Thanks. -- When a thread is replace, we literally start a new one which creates a new producer and calls initTransaction()
what should put everything into clean state. There is one known issue (https://issues.apache.org/jira/browse/KAFKA-14567) which results in fencing, but it seems to be different to your report.
Guess we would need detailed Kafka Streams, producer, and broker logs to figure out what is happening.
Not sure if the high TX-timeout you configures has anything to do with it 🤔. On the other hand, even with the large timeout, calling initTransaction
on the new producer (if we re-use a TX-id as mentioned on the ticket above) should abort any pending TX for this TID and we should get a clean producer state. -- We might need to get some input from EOS experts. \cc @jolshan
hey @mjsax @jolshan.
sorry for the delayed response.
here are application logs from all instances and also some metrics.
app was running on 6 servers with 6 threads on each, so 36 threads in total.
after ~2 hours something went wrong and 4 producers (one on each of 1, 2, 5, 6 hosts) could no longer send messages.
app_logs_hosts1,2.zip
app_logs_hosts5,6.zip
app-logs_hosts3,4.zip
Hey sorry for the delay. Catching up on the situation.
I will try to answer the questions posed to me, but let me know if I missed something.
-
(is this even a good idea?)
In theory I think it is doable, but it could be tricky depending on the load for specific partitions and configurations. -
(how Kafka handles multiple ongoing transactions at time on one specific partition?)
So a single producer can only work on a single transaction at a time. This transaction can contain multiple partitions. Other producers can also concurrently write to the same partitions as part of separate transactions. So I'm not exactly sure how your Thread maps to producer instances, but each transaction needs its own producer.
As for writing, there is no blocking writes on the same partition. We do block read_committed reads. Each partition has something called the LSO. This is the first offset in the log that contains an uncommitted transaction. Read-committed consumers can not read past the LSO, so if you have transaction A and transaction B in the log like this:
(A message 1) (B message 1) (B message 2) (B message 3) (B commit)
The LSO would be at A message 1 and even though B is committed, you would not be able to read it until A is also committed.
(A message 1) (B message 1) (B message 2) (B message 3) (B commit) (C message 1) (A commit)
At this point LSO is at C message 1 and A and B transactions are readable.
- See 1. :)
As for some of the followups I saw:
The leadership errors should be retriable on metadata refresh and you shouldn't have to worry about that.
InvalidPidMapping happens when the transactional id expires.

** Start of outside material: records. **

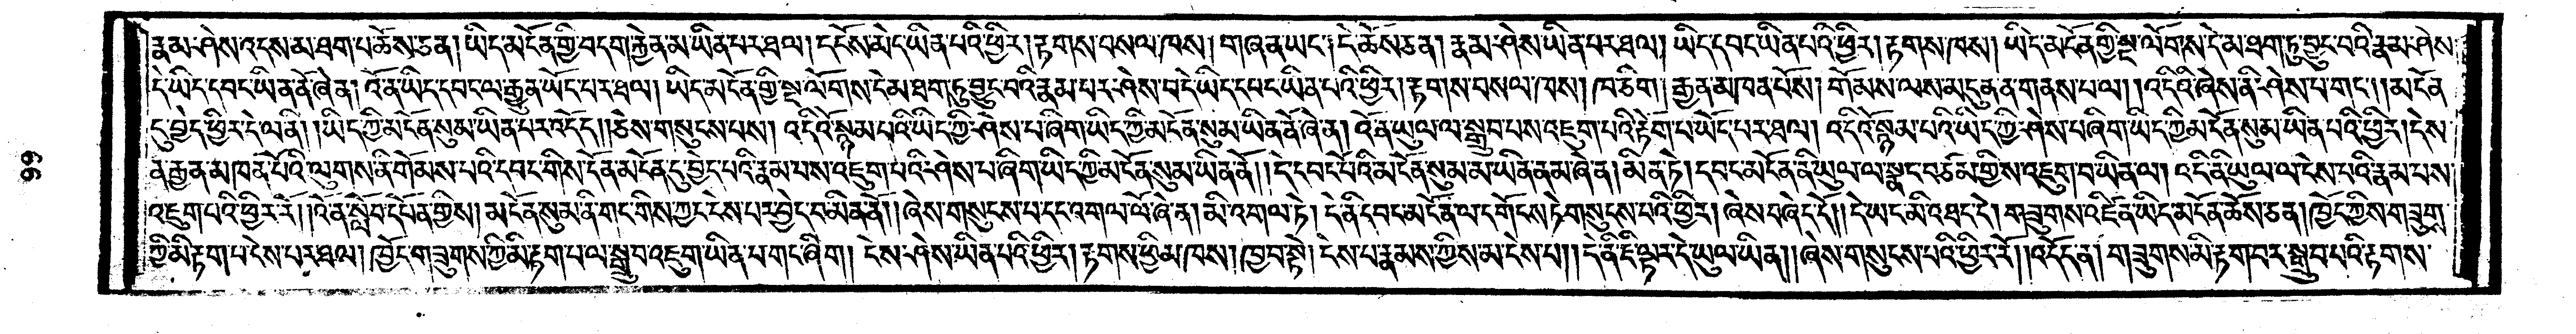རྣམ་ཤེས་འདས་མ་ཐག་པ་ཆོས་ཅན། ཡིད་མངོན་གྱི་བདག་རྐྱེན་མ་ཡིན་པར་ཐལ། དངོས་མེད་ཡིན་པའི་ཕྱིར། རྟགས་བསལ་བས། གཞན་ཡང་། དེ་ཆོས་ཅན། རྣམ་ཤེས་ཡིན་པར་ཐལ། ཡིད་དབང་ཡིན་པའི་ཕྱིར། རྟགས་ཁས། ཡིད་མངོན་གྱི་སྔ་ལོགས་དེ་མ་ཐག་ཏུ་བྱུང་བའི་རྣམ་ཤེས་
དེ་ཡིད་དབང་ཡིན་ནོ་ཞེ་ན། འོ་ན་ཡིད་དབང་ལ་རྒྱུན་ཡོད་པར་ཐལ། ཡིད་མངོན་གྱི་སྔ་ལོགས་དེ་མ་ཐག་ཏུ་བྱུང་བའི་རྣམ་པར་ཤེས་པ་དེ་ཡིད་དབང་ཡིན་པའི་ཕྱིར། རྟགས་བསལ་ཁས། ཁ་ཅིག །རྒྱན་མཁན་པོས། གོམས་ལས་མདུན་ན་གནས་པ་ལ། །འདིའོ་ཞེས་ནི་ཤེས་པ་གང་། །མངོན་
དུ་བྱེད་ཕྱིར་དེ་ལ་ནི། །ཡིད་ཀྱི་མངོན་སུམ་ཡིན་པར་འདོད། །ཅེས་གསུངས་པས། འདིའོ་སྙམ་པའི་ཡིད་ཀྱི་ཤེས་པ་ཞིག་ཡིད་ཀྱི་མངོན་སུམ་ཡིན་ནོ་ཞེ་ན། འོ་ན་ཡུལ་ལ་སྒྲུབ་པས་འཇུག་པའི་རྟོག་པ་ཡོད་པར་ཐལ། འདིའོ་སྙམ་པའི་ཡིད་ཀྱི་ཤེས་པ་ཞིག་ཡིད་ཀྱི་མངོན་སུམ་ཡིན་པའི་ཕྱིར། དེས་
ན་རྒྱན་མཁན་པོའི་ལུགས་ནི་གོམས་པའི་དབང་གིས་དོན་མངོན་དུ་བྱེད་པའི་རྣམ་པས་འཇུག་པའི་ཤེས་པ་ཞིག་ཡིད་ཀྱི་མངོན་སུམ་ཡིན་ནོ། །དེ་དབང་པོའི་མངོན་སུམ་མ་ཡིན་ནམ་ཞེ་ན། མིན་ཏེ། དབང་མངོན་ནི་ཡུལ་ལ་སྣང་བ་ཙམ་གྱིས་འཇུག་པ་ཡིན་ལ། འདི་ནི་ཡུལ་ལ་ངེས་པའི་རྣམ་པས་
འཇུག་པའི་ཕྱིར་རོ། །འོ་ན་སློབ་དཔོན་གྱིས། མངོན་སུམ་ནི་གང་གིས་ཀྱང་ངེས་པར་བྱེད་པ་མིན་ནོ། །ཞེས་གསུངས་པ་དང་འགལ་ལོ་ཞེ་ན། མི་འགལ་ཏེ། དེ་ནི་དབང་མངོན་ལ་དགོངས་ཏེ་གསུངས་པའི་ཕྱིར། ཞེས་བཞེད་དོ། །དེ་ཡང་མི་འཐད་དེ། གཟུགས་འཛིན་ཡིད་མངོན་ཆོས་ཅན། ཁྱོད་ཀྱིས་གཟུགས་
ཀྱི་མི་རྟག་པ་ངེས་པར་ཐལ། ཁྱོད་གཟུགས་ཀྱི་མི་རྟག་པ་ལ་སྒྲུབ་འཇུག་ཡིན་པ་གང་ཞིག །ངེས་ཤེས་ཡིན་པའི་ཕྱིར། རྟགས་ཕྱི་མ་ཁས། ཁྱབ་སྟེ། ངེས་པ་རྣམས་ཀྱིས་མ་ངེས་པ། །དེ་ནི་ཇི་ལྟར་དེ་ཡུལ་ཡིན། །ཞེས་གསུངས་པའི་ཕྱིར་རོ། །འདོད་ན། གཟུགས་མི་རྟག་པར་སྒྲུབ་པའི་རྟགས་

This happens when a transactional producer is left idle for the expiration period (transactional.id.expiration.ms) and the default is 7 days. (Note: the time starts when the transaction is idle, and we will never expire when the transaction is ongoing.)
As for the timeouts, I don't think it is good for your transactional timeout to be less than your delivery timeout.
Thanks @jolshan
So I'm not exactly sure how your Thread maps to producer instances, but each transaction needs its own producer.
With EOSv1 (deprecated) there would be a producer per task, and a StreamThread might have multiple assigned tasks. For EOSv2, there is one producer per StreamThread.
thank you for your replies @jolshan @mjsax!
@jolshan as for transactional.id.expiration.ms
, we have default value for it.
also, regarding transactional timeout, it was more than delivery timeout for my last run (details are here).
and still there were a lot of InvalidPidMappingException's (for instance, on host2, logs are provided above), as well as ProducerFencedException's (for instance, on host1). for some reasons producers were not able to recover.
as far as I understand, ProducerFencedException
is something that can happen time to time, but InvalidPidMappingException
doesn't seem so. and InvalidPidMappingException
might be the root of problem, but it's only a suggestion.